We hope this will make the purpose of Wi-Fi Ratings and their place in auctions more clear to everyone. Jeremy is still working on some more changes at the moment and they will be updated further later this week.


*Big Summer Blowout!​*
Ok guys, we've heard the requests lately. As of this posting, the stock of all regularly available collectibles in the TBT Shop have been refreshed. This includes the Chocolate Cake and all Japanese Letters. Head to the TBT Shop before they're gone!

Additionally, since not everyone will have been able to make this time, we're having a second restock at 2am PDT this Friday. (March 14th) Generally the same amount of items will be restocked then as today.



​

*Retiring Staff​*
*AndyB* and *Miranda* are both retiring from TBT Staff as moderators today to make way for new moderators soon. We'd like to thank them for their hard work and dedication to the forums over the years. They will live on as *Sages* and haunt The Bell Tree Ruins until the end of time. We are not currently accepting new staff applications at this time, but we will in the near future. Stay posted for that.


*That's all folks!​*
Thanks for joining us on today's Bell Tree Direct! That's about all we have to share for today, but rest assured we're always working on future projects.

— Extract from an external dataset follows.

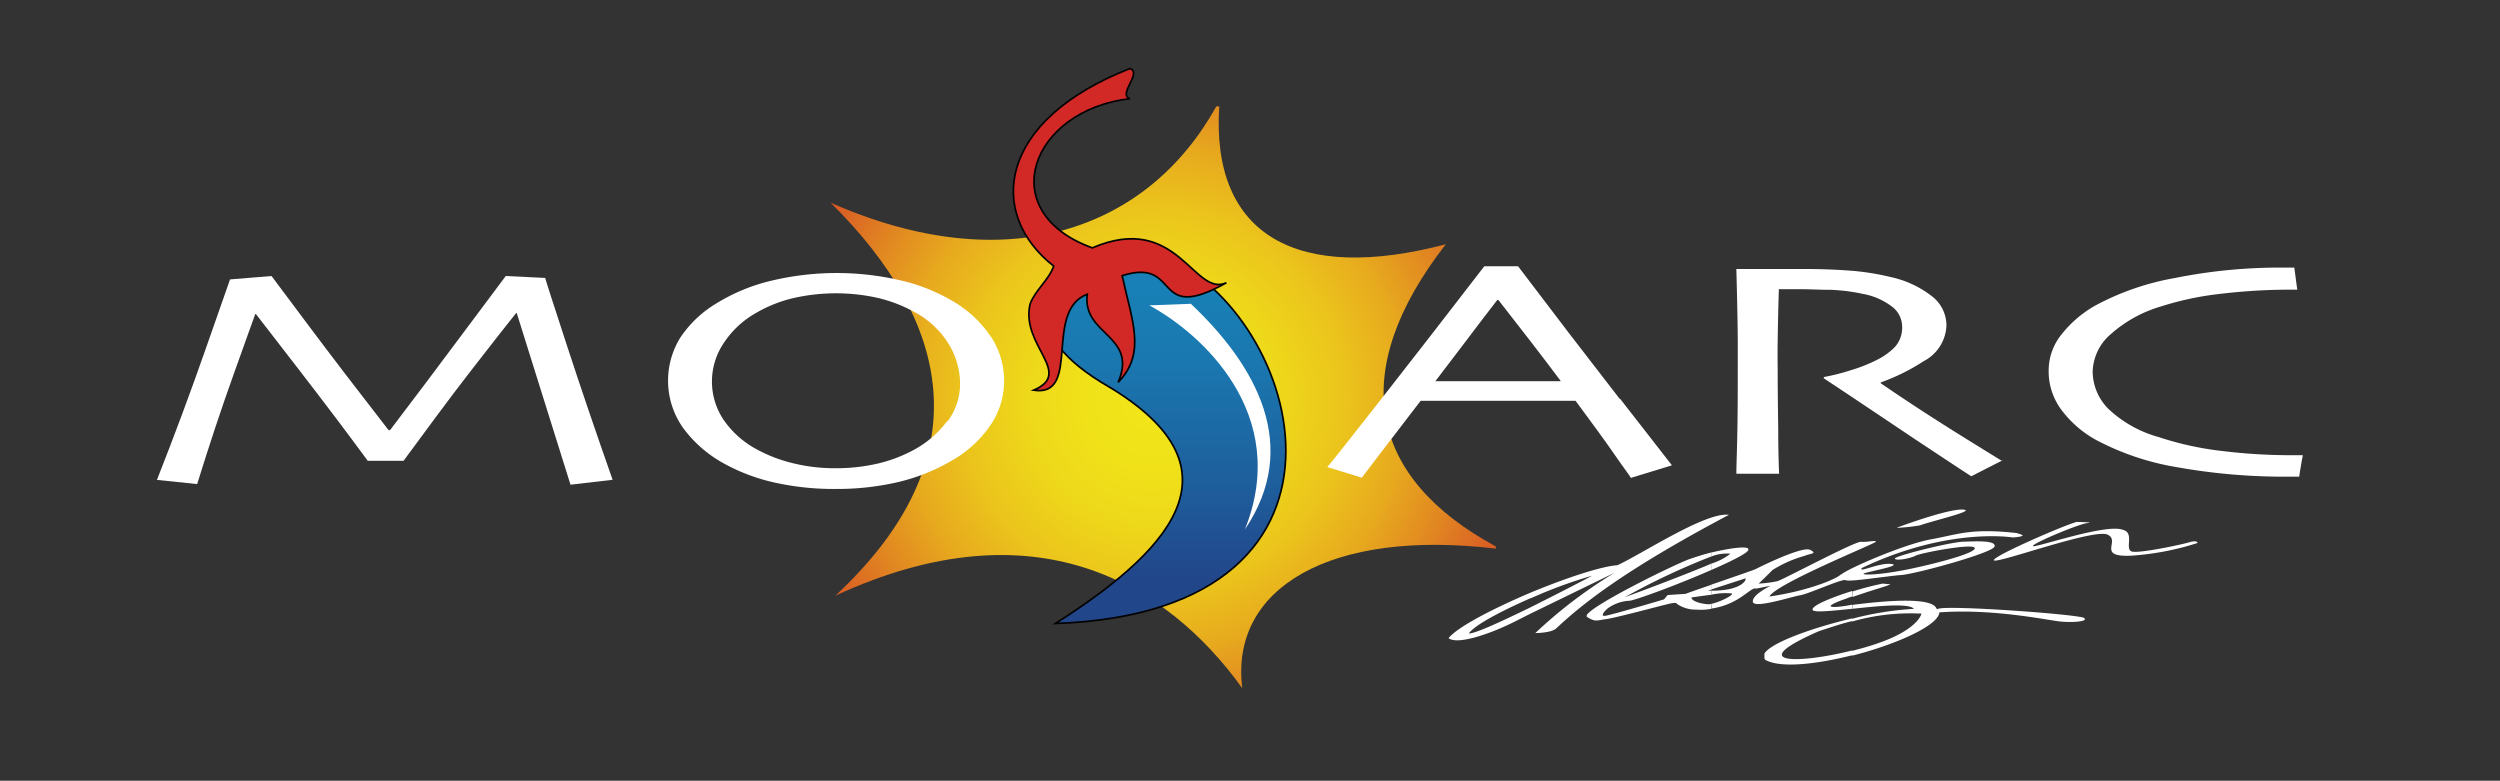 <svg id="Layer_1" data-name="Layer 1" xmlns="http://www.w3.org/2000/svg" xmlns:xlink="http://www.w3.org/1999/xlink" viewBox="0 0 317 99"><rect x="0" y="0" width="317" height="99" fill="#333333" stroke="none"/><defs><style>.cls-1,.cls-6{fill:none;}.cls-2{clip-path:url(#clip-path);}.cls-3{fill:url(#radial-gradient);}.cls-4{clip-path:url(#clip-path-2);}.cls-5{fill:url(#linear-gradient);}.cls-6{stroke:#020202;stroke-width:0.22px;}.cls-7{fill:#fff;}.cls-8{fill:#d22927;}</style><clipPath id="clip-path"><path class="cls-1" d="M154.23,13.49c-8.72,15.73-26.66,22.06-48.92,12.2,15.19,15,19.41,32.39.6,49.85,25.3-11.72,42-1.61,51.61,11.72-1.6-12.74,11.24-20.21,32.16-17.69v-.28c-16.05-8.66-19.05-22-6.35-38.32-18.72,4.94-29.79-1-28.73-17.48Z"/></clipPath><radialGradient id="radial-gradient" cx="-264.41" cy="418.4" r="0.44" gradientTransform="translate(30966.02 -48718.28) scale(116.56)" gradientUnits="userSpaceOnUse"><stop offset="0" stop-color="#f1e619"/><stop offset="0.16" stop-color="#f0e219"/><stop offset="0.32" stop-color="#eed71a"/><stop offset="0.47" stop-color="#ebc41c"/><stop offset="0.62" stop-color="#e7a91e"/><stop offset="0.76" stop-color="#e18721"/><stop offset="0.91" stop-color="#d95d24"/><stop offset="1" stop-color="#d43e27"/></radialGradient><clipPath id="clip-path-2"><path class="cls-1" d="M142.21,31c-2.25.05-3.05,1.79-5.12,3.34-3,1.61-9,7,2.57,14.19C157.42,58.63,150,68.8,133.83,79.06c43-1.51,30.64-41.05,12.67-46.93A10.92,10.92,0,0,0,142.42,31Z"/></clipPath><linearGradient id="linear-gradient" x1="-262.24" y1="420.07" x2="-261.8" y2="420.07" gradientTransform="translate(35041.63 21818.59) rotate(90) scale(83.06)" gradientUnits="userSpaceOnUse"><stop offset="0" stop-color="#1880b6"/><stop offset="0.25" stop-color="#1a77af"/><stop offset="0.66" stop-color="#1e5f9d"/><stop offset="1" stop-color="#22468a"/></linearGradient></defs><g class="cls-2"><rect class="cls-3" x="105.31" y="13.49" width="84.37" height="73.77"/></g><g class="cls-4"><rect class="cls-5" x="128.09" y="30.95" width="48.75" height="48.12"/></g><path class="cls-6" d="M137.09,34.29c3-2.26,3.32-4.93,9.41-2.16,18,5.88,30.34,45.42-12.67,46.93,16.14-10.26,23.6-20.42,5.83-30.58C128.09,41.34,134.13,35.9,137.09,34.29Z"/><path class="cls-7" d="M151,38.52l-5.27.2c6.53,3.52,18,13.73,12.12,28.42,7.09-10.52,1.56-20.67-6.85-28.62"/><path class="cls-8" d="M143.28,8.69c1.61.55-1.61,3.27,0,3.82C130.65,14,125.93,26.9,138.51,31.43c10.81-4.63,12.87,6.33,17,4.42-9.55,5.38-5.63-3.27-13.22-.9,1.2,5.63,3.12,9.81-.51,13.53,2.57-6-4.57-5.94-3.92-11.17-5.58,2.12-.7,13.08-6.79,12.17,5.12-2.21-1.66-5.63-.46-10.91.61-1.72,2.42-3.12,3-4.83-8.54-6.64-7.24-18.46,9.61-25.05"/><path class="cls-6" d="M143.28,8.69c1.61.55-1.61,3.27,0,3.82C130.65,14,125.93,26.9,138.51,31.43c10.81-4.63,12.87,6.33,17,4.42-9.55,5.38-5.63-3.27-13.22-.9,1.2,5.63,3.12,9.81-.51,13.53,2.57-6-4.57-5.94-3.92-11.17-5.58,2.12-.7,13.08-6.79,12.17,5.12-2.21-1.66-5.63-.46-10.91.61-1.72,2.42-3.12,3-4.83C125.13,27.1,126.43,15.28,143.28,8.69Z"/><path class="cls-7" d="M77.65,60.84l-5.31.62L65.52,39.69l-.07,0c-.86,1.05-2.75,3.48-5.7,7.27S54,54.6,51.17,58.43H46.63Q42.73,53.12,38,47t-5.55-7.18l-.08,0c-.13.32-1,2.79-2.65,7.38S26.52,56.48,25,61.38l-5.1-.53q3.29-8.34,6.15-16.52l3.12-8.9L34.43,35l4.66,6.23Q43.41,47,49.27,54.54h.19q4.49-5.9,9.48-12.6T64.13,35l5,.24q.09.42,2.73,8.49t5.82,17.11"/><path class="cls-7" d="M120.12,53.37a12.87,12.87,0,0,1-4.06,3.57,18.45,18.45,0,0,1-4.63,1.81,23.37,23.37,0,0,1-5.49.62,22,22,0,0,1-5.5-.66A18.61,18.61,0,0,1,96,57a11.93,11.93,0,0,1-4.23-3.74,8.71,8.71,0,0,1,0-9.76,11.83,11.83,0,0,1,4.1-3.82,17.2,17.2,0,0,1,4.63-1.86,24.32,24.32,0,0,1,11,0,18.34,18.34,0,0,1,4.44,1.74,11.39,11.39,0,0,1,4.37,4.08,9.82,9.82,0,0,1,1.43,5,8,8,0,0,1-1.58,4.78m5.51-10.68a14.53,14.53,0,0,0-4.89-4.57,23.1,23.1,0,0,0-6.55-2.61,35.7,35.7,0,0,0-16.53.06,23.48,23.48,0,0,0-6.81,2.82,14.37,14.37,0,0,0-4.64,4.39,10.37,10.37,0,0,0,.41,11.49,15.9,15.9,0,0,0,5.15,4.46,24,24,0,0,0,6.51,2.43A34.53,34.53,0,0,0,106,62a34.22,34.22,0,0,0,7.83-.86,24.8,24.8,0,0,0,6.9-2.76,14.8,14.8,0,0,0,4.76-4.32,9.93,9.93,0,0,0,1.83-5.79,10.18,10.18,0,0,0-1.66-5.57"/><path class="cls-7" d="M197.87,48.34H182q1.51-2,3.86-5.07c1.56-2.07,2.9-3.82,4-5.24l.13,0q2.17,2.77,4.16,5.35t3.74,4.92Zm7.51,2.24q-6.33-8.14-12.89-16.82h-4.28q-6.68,8.68-12.85,16.56t-7.06,8.9l4.38,1.35,2.09-2.75,5.37-7h19.64c2.08,2.81,3.77,5.11,5,6.9s2,2.75,2,2.88L212,59l-6.59-8.46"/><path class="cls-7" d="M253.88,58.39l-3.92,2q-.74-.46-5.13-3.37c-2.93-1.92-7.45-5-13.57-9.05l0-.16a26.87,26.87,0,0,0,3.34-.84,20.22,20.22,0,0,0,3.5-1.39A8.39,8.39,0,0,0,240.27,44a3.65,3.65,0,0,0,.92-2.61,3.19,3.19,0,0,0-1.34-2.55,8.53,8.53,0,0,0-3.67-1.58,23.38,23.38,0,0,0-4-.51c-1.41,0-2.71-.08-3.89-.08h-2.73c-.08,2.46-.12,4.63-.15,6.5s0,3.21,0,4q0,2.64.07,7.2c0,3,.08,4.94.11,5.7h-5.42c0-.76.06-2.26.11-4.48s.07-5,.07-8.35V43.64c0-1.75-.06-4.92-.18-9.53l3.29,0c2,0,3.79,0,5.46,0,1.91,0,3.76.07,5.56.2a31.5,31.5,0,0,1,5.26.82,12.94,12.94,0,0,1,5.17,2.39,4.68,4.68,0,0,1,1.9,3.7,5.31,5.31,0,0,1-2.88,4.57,25.68,25.68,0,0,1-5.45,2.7v.11c3,2.05,6.22,4.17,9.75,6.37s5.43,3.36,5.69,3.51"/><path class="cls-7" d="M292,57.69c0,.11-.09.43-.18,1s-.2,1.12-.28,1.75h-1.16a77.22,77.22,0,0,1-14.28-1.19,33.55,33.55,0,0,1-10.27-3.44A13.75,13.75,0,0,1,261.41,52a8.16,8.16,0,0,1-1.64-5,7.28,7.28,0,0,1,1.62-4.58,14.62,14.62,0,0,1,4.21-3.63,33.42,33.42,0,0,1,10.19-3.54,67.54,67.54,0,0,1,13.67-1.32h1.47c0,.23.08.6.14,1.12s.14,1.09.23,1.68h-1.12a74.64,74.64,0,0,0-8.55.52A38.66,38.66,0,0,0,274,38.86a16.6,16.6,0,0,0-6.41,3.56,6.5,6.5,0,0,0-2.24,4.67,6.76,6.76,0,0,0,2,4.76,15.11,15.11,0,0,0,6.37,3.57,39.58,39.58,0,0,0,8,1.76,71.73,71.73,0,0,0,8.75.54h.63l.92,0"/><path class="cls-7" d="M194.09,75.14c4.37-1.81,8.9-3.33,11-3.47,3.17-1.46,11.22-6.8,14.14-6.39-13.68,7.24-18.81,11.52-21.88,14.38-.5.51-2.06.61-2.67.61a59.54,59.54,0,0,1,10.06-7.65L194.09,77.8V77c3.62-1.81,7.3-3.72,7.79-4a58.58,58.58,0,0,0-7.79,2.87Zm-10.41,5.78c1.1-1.41,5.68-3.77,10.41-5.78v.7c-3.52,1.56-7,3.32-7.85,4.48.81.05,4.33-1.61,7.85-3.32v.8l-1.51.76c-3.36,1.76-7.75,3.27-8.9,2.36"/><path class="cls-7" d="M240.57,66.89c1.92-.71,6.84-2.42,8.4-2.27s-3.72,1.36-5.53,2a24.4,24.4,0,0,1-2.87.31"/><path class="cls-7" d="M263.35,66.18c-1.25.25-11,4.48-10.51,4.88s12.69-4.07,14.4-3.27-1.47,2.87,3,2.67a34.89,34.89,0,0,0,8.41-1.61s0-.4-1-.1-6,1.36-7.2,1.21.31-2.37-1.25-2.77c-2.06-.86-11,2.26-11.41,2.06s5.78-2.82,6.88-2.92-1.31-.15-1.31-.15"/><path class="cls-7" d="M233.43,72.88c.7-.71,8-3.88,11.41-4.49s5-1.45,10.87-.8c.5.15.76.25.76.3v0c-.06.2-1.26.26-1.26.26s-8.15-1.36-19.12,3.87c-.55.7,2.17-.7,3.72-.51s-3.11,1-3.47,1.21,1.87.26,5.94-.6,8.5-2.11,8.1-2.67-6.79.66-7.45,1-2.41.7-2.66.4,7-2.11,8.65-2.16,4.18-.2,4,.6-9.91,3.47-11.82,3.62-6.65.91-7.05.66-4.62,1.71-5.79,1.91-5.93,1.76-6,.81,2.33-2,2.17-2l-1.76.35c-.65-.3-2.06,2-5.63,2.52v-.6c1-.21,2.76-1.06,2.57-1.31a8.45,8.45,0,0,0-2.57.15v-.5c4,0,4.47-1.51,4.27-1.56L217,74.74v-.61c2.46-.85,5.43-1.86,5.68-2s5.84-2.92,6.84-2.41,0,.45-.65.75a15.49,15.49,0,0,0-4.12,1.81C223.87,73.18,223,74,223,74a16.52,16.52,0,0,0,2.37-.3c.7-.2,9.86-5.08,10.61-5s2-.25,1.87,0-12.68,5.33-13.49,6.94c5.13-.75,8.66-2.31,9.06-2.81"/><path class="cls-7" d="M217,70.06v.5a5.36,5.36,0,0,1,2.42-.35A7.79,7.79,0,0,1,217,71.47v.8c2.67-1.16,4.73-2.21,4.69-2.57.14-.55-2.33-.2-4.69.36"/><path class="cls-7" d="M217,77.2a7.33,7.33,0,0,1-1.86.1,4.24,4.24,0,0,1-2.47-.7c-.15-.26-.6-.15-1.8.15s-6.1,1.61-7.25,1.76-1.31.4-2.42-.3V78c.66-1.26,10.62-6.19,13-7.1.76-.25,1.76-.6,2.82-.85v.5a87.31,87.31,0,0,0-11,5.18s7.14-2.62,11-4.27v.8c-4.33,1.91-10.22,4.07-10.52,3.92a5.21,5.21,0,0,0-2.57.91c-.34.25-1.1,1.05-.44,1S211,76,211,76l.46-.55,2.26-.15s1.51-.55,3.32-1.16v.61l-.5.15c.14,0,.35,0,.5,0v.51c-1.25.15-2.57.35-2.57.35,0,.51,1.46.86,2.26.86.11,0,.21-.05.31-.05Z"/><path class="cls-7" d="M238.71,74a38.82,38.82,0,0,0-3.82,1v.7c3.17-1.1,4.22-1.31,4.82-1.61Zm-3.82,3.27V76.7c12.17-1.56,10.21.85,10.86.5,1.31-.5,17.91.71,18.51,1.16s-1.46.6-3,.45-8.46-1.66-15.35-1.16c-.1,1.66-5.49,4.08-11.06,5.49v-.61c1.15-.3,2.26-.6,3.37-1,2.91-1,5-2.41,5.43-3.72a26.74,26.74,0,0,0-8.8,1v-.35a39.51,39.51,0,0,1,7.84-1.26c-.65-.75-4.52-.36-7.84,0m0-2.26c-2.57.8-5.29,1.91-5,2.41.2.35,2.41.1,5-.15V76.7a.17.17,0,0,0-.15,0c-2,.4-4.33.5-.56-.81a5.07,5.07,0,0,1,.71-.25Zm0,3.47c-5.09,1.2-10.37,3.12-11.12,4.47v.6a.38.38,0,0,0,.25.26c2,1,6.49.45,10.87-.65v-.61c-7,1.76-13.73,1.71-4.18-2.46,1.56-.5,3-1,4.18-1.26Z"/></svg>

As always, be sure to let us know what you think about the additions and changes today by posting below.


----------



## Kaiaa (Mar 11, 2014)

Get to the shop! And enjoy the update everyone!


----------



## Yui Z (Mar 11, 2014)

I got most of the Japanese collectibles :L

Edit: Too bad I missed a click...


----------



## Trent the Paladin (Mar 11, 2014)

Thanks AndyB and Miranda for all the hard work you guys did!


----------



## Horus (Mar 11, 2014)

You were dying to use that Frozen gif weren't you


----------



## hemming1996 (Mar 11, 2014)

i got 2 items
really
it was sold out before i even finished adding every collectible to my cart
i didnt even get a jp collectible ;; y u do this to me
tbh i didnt even care but since i have tbt bells lying around i thought i'd give it a chance


----------



## Lassy (Mar 11, 2014)

Yui Z said:


> I got most of the Japanese collectibles :L
> 
> Edit: Too bad I missed a click...



Same, didn't get the yellow and blue one ;_;


----------



## cIementine (Mar 11, 2014)

OMG I LITERALLY CLICKED ON 4 JAPANESE COLLECTIBLES AND THEY DISAPPEARED FROM MY CART NOOOOOO


----------



## Heisenberg (Mar 11, 2014)

Wow. They were in my cart and when i clicked checkout it was sold out.


----------



## Improv (Mar 11, 2014)

I was so close to getting a yellow D:


----------



## sn0wxyuki (Mar 11, 2014)

sad...I didn't know I need to click checkout...didn't get any =(


----------



## trea (Mar 11, 2014)

Nooo, all I wanted was a green 森 !! THAT WAS SO FAST.


----------



## Mao (Mar 11, 2014)

Awh man I only got two of the same one >_< I thought they were different :c


----------



## Byngo (Mar 11, 2014)

I snagged the chocolate cake and all the letters, and got doubles of two letters. Time to sell *eye brow rise face*


----------



## toastia (Mar 11, 2014)

YAYAYAYAAY

- - - Post Merge - - -

I got 3 yellow collectibles <3 anybody jelly?


----------



## Flop (Mar 11, 2014)

Lunatic said:


> I snagged the chocolate cake and all the letters, and got doubles of two letters. Time to sell *eye brow rise face*



Can I buy them?  ;-;


----------



## Kammeh (Mar 11, 2014)

Yay I got some collectables <333


----------



## BungoTheElf (Mar 11, 2014)

I need the dark blue collectable one </3 

Thanks for your hard work Miranda and Andy! c:

CLICKED LINK


----------



## KermitTea (Mar 11, 2014)

They need to limit the letters to one per person O-o


----------



## Improv (Mar 11, 2014)

Prin said:


> YAYAYAYAAY
> 
> - - - Post Merge - - -
> 
> I got 3 yellow collectibles <3 anybody jelly?


...


----------



## Cariad (Mar 11, 2014)

They already gone? Aww.


----------



## Mao (Mar 11, 2014)

Prin said:


> YAYAYAYAAY
> 
> - - - Post Merge - - -
> 
> I got 3 yellow collectibles <3 anybody jelly?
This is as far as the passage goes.